### Given data
========================================================================
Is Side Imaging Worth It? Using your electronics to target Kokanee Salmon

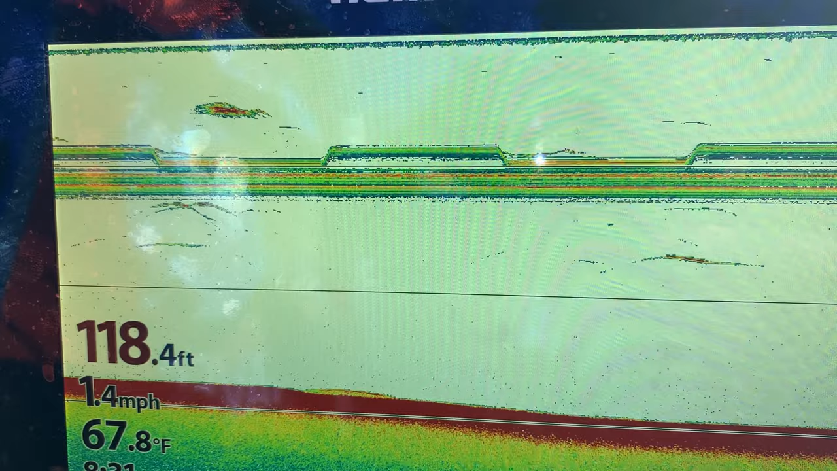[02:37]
On screen: depth 118.4 ft, water 67.8°F, speed 1.4 mph
it so you want to be just above wherever you're seeing the fish
========================================================================
All lines above are to be restated word for word, with pictures excluded.

### Expected answer
Is Side Imaging Worth It? Using your electronics to target Kokanee Salmon

[02:37]
On screen: depth 118.4 ft, water 67.8°F, speed 1.4 mph
it so you want to be just above wherever you're seeing the fish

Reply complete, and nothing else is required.